Taeyong Kwon1 · Seongsim Yoon2 · Hongjoon Shin3 · Sanghoo Yoon4

1Department of Statistics, Daegu University
2Korea Institute of Civil Engineering and Building Technology
3Korea Hydro&Nuclear Power Co. Ltd.
4Department of Data Science, Daegu University
Correspondence to: This work was researched at Daegu university with funding from Korea Hydro&Nuclear Power Co., Ltd. (H21S031000).

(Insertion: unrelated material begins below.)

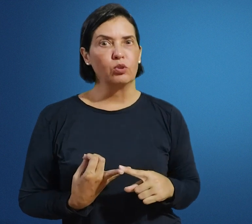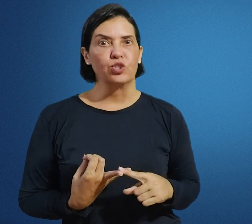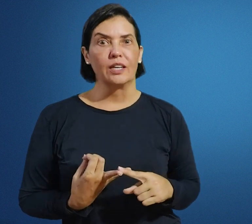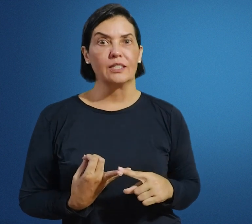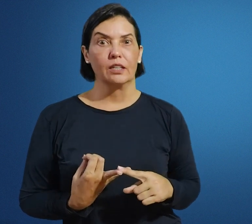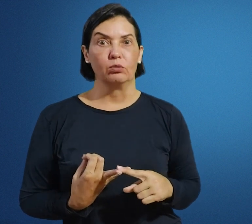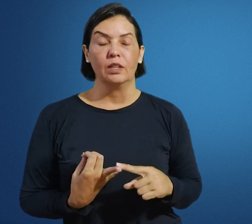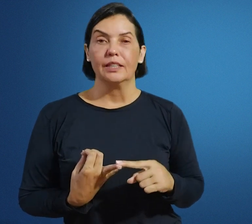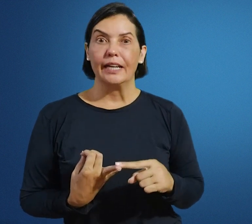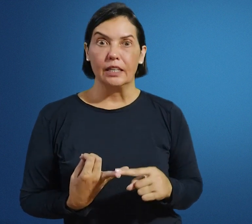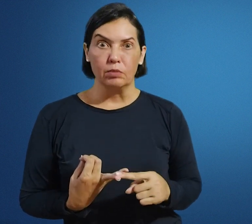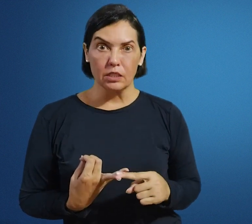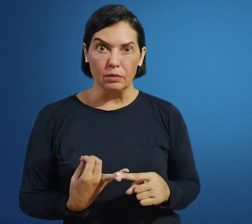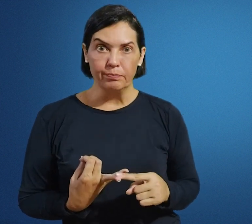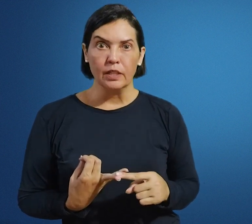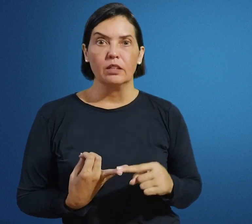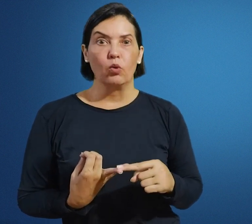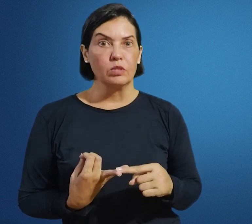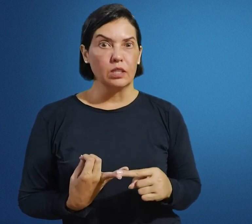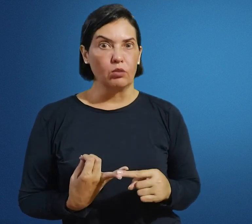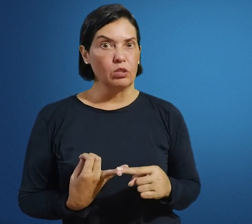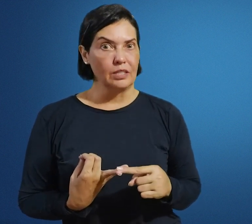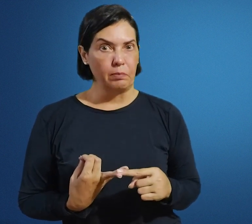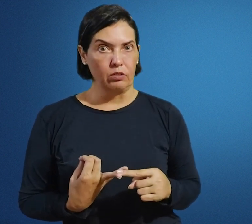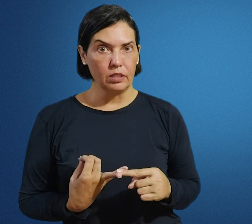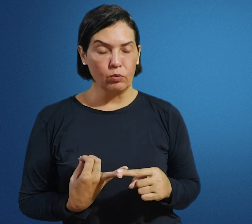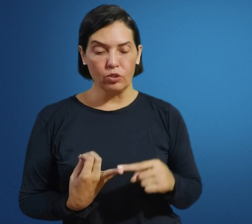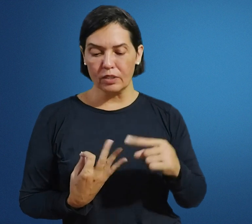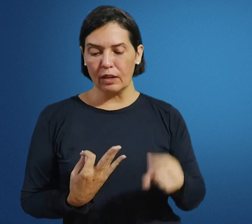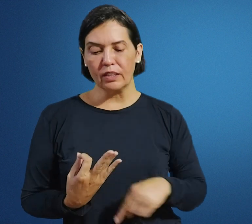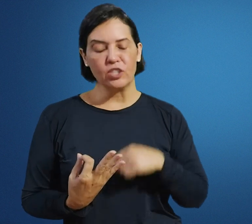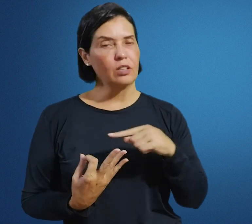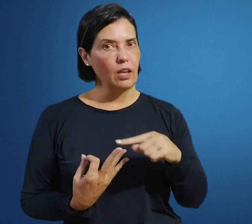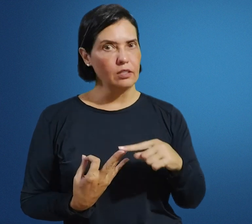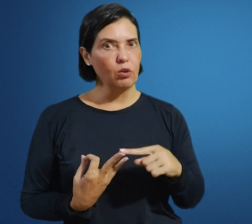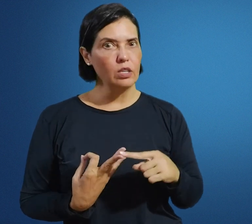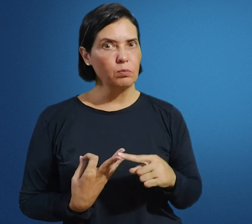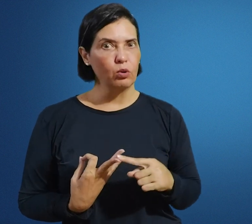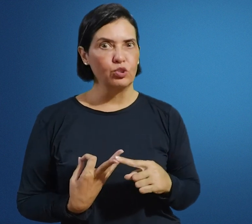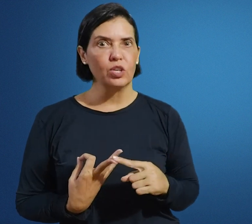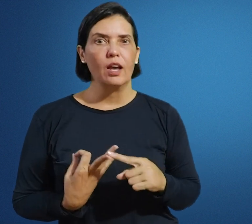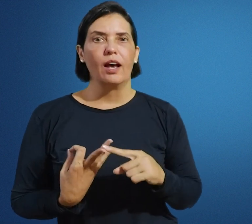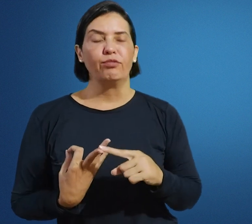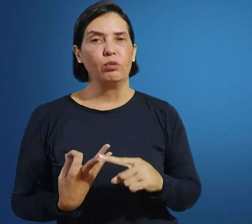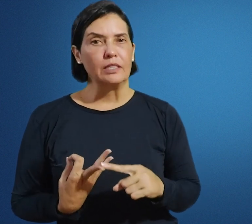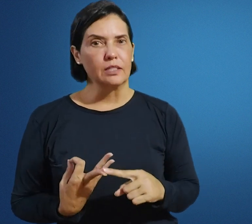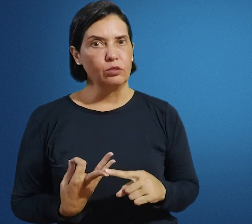corresponde à questão da Libras, conceitos e seus aspectos linguísticos, e da unidade 3, que corresponde a formação

1 Ph. D. candidate, Department of Statistics, Daegu University, Gyeongbuk 38453, Korea.
2 Senior researcher, Korea Institute of Civil Engineering and Building Technology, Gyeonggi, 10223, Korea.

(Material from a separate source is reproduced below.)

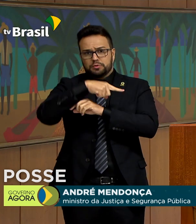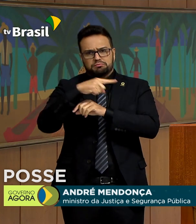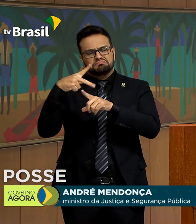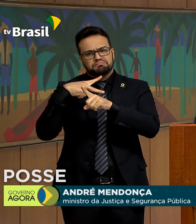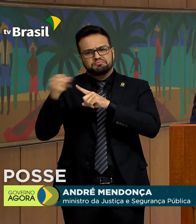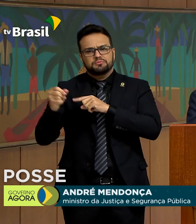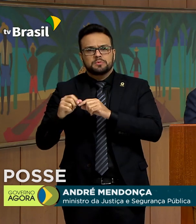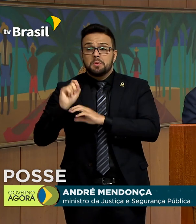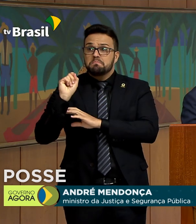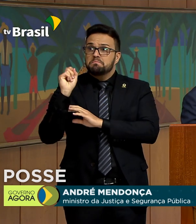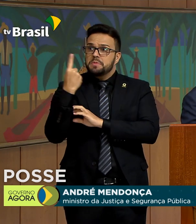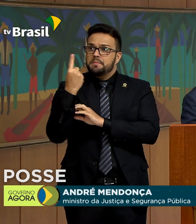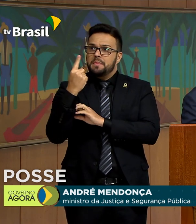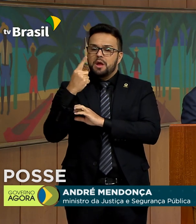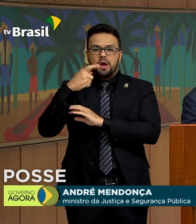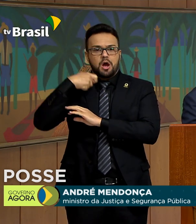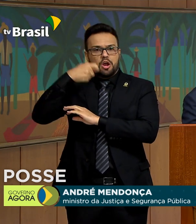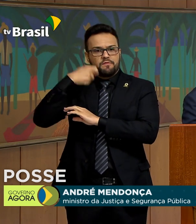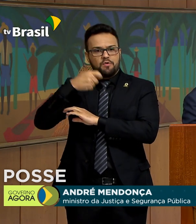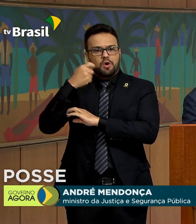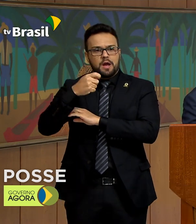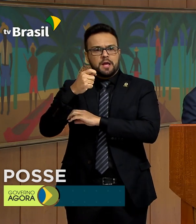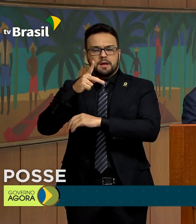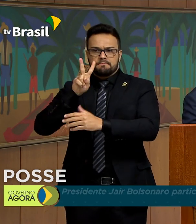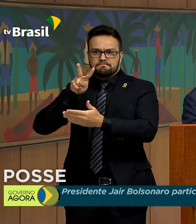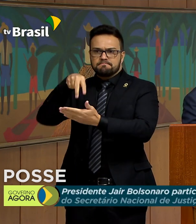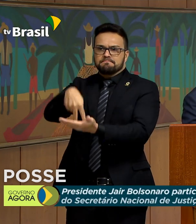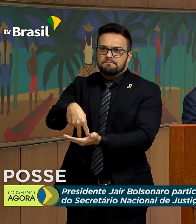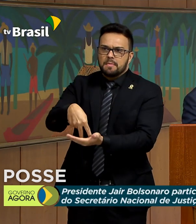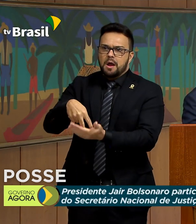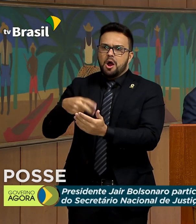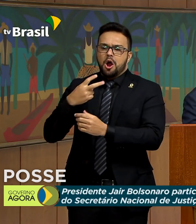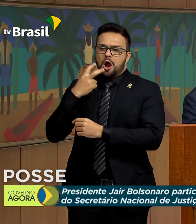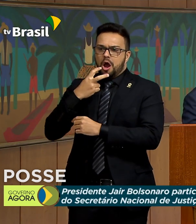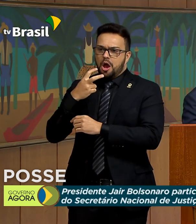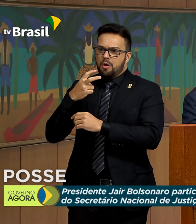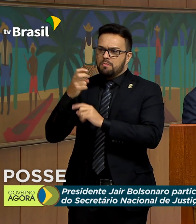Primeiro advogado a fazer uma sustentação oral num tribunal superior.

3 Senior researcher, Korea Hydro&Nuclear Power Co. Ltd, Gyeongbuk, 38120, Korea.
4 Associate professor, Department of Data Science, Daegu University, Gyeongbuk 38453, Korea. E-mail:
Received September 6, 2022; Revised October 27, 2022; Accepted October 29, 2022.
This is an Open Access article distributed under the terms of the Creative Commons Attribution Non-Commercial License ( which permits unrestricted non-commercial use, distribution, and reproduction in any medium, provided the original work is properly cited.
Accurately estimated precipitation information is required for hydrological analysis and flood information production to reduce water disasters that increase due to extreme weather events. Since it is difficult to estimate precipitation over a wide range using only the ground-observed precipitation data for each point, the use of radar must be accompanied. For this purpose, in this study, ORCM (ordinary kriging conditional merging), which merges ground-observed rainfall and radar, and COCM (co-kriging conditional merging), which is a radar merging that considers the effect of altitude, were considered. In addition, the random forest algorithm was used to suggest the degree of contribution to the accuracy of quantitative precipitation estimation for each dual polarization variable. The study was conducted by selecting rain events that occurred in the Han River basin from July 2017 to October 2019. Prediction performance was identified by root mean square error and coefficient of determination, and the total precipitation and heavy precipitation were analyzed separately. As a result of the prediction, watersheds with excellent ORCM and COCM were selected, respectively, showing the need to consider the altitude. The main dual polarization variables of precipitation prediction were RZ in total precipitation and RKDP in heavy precipitation.
Keywords : Quantitative precipitation estimation, radar merging, random forest.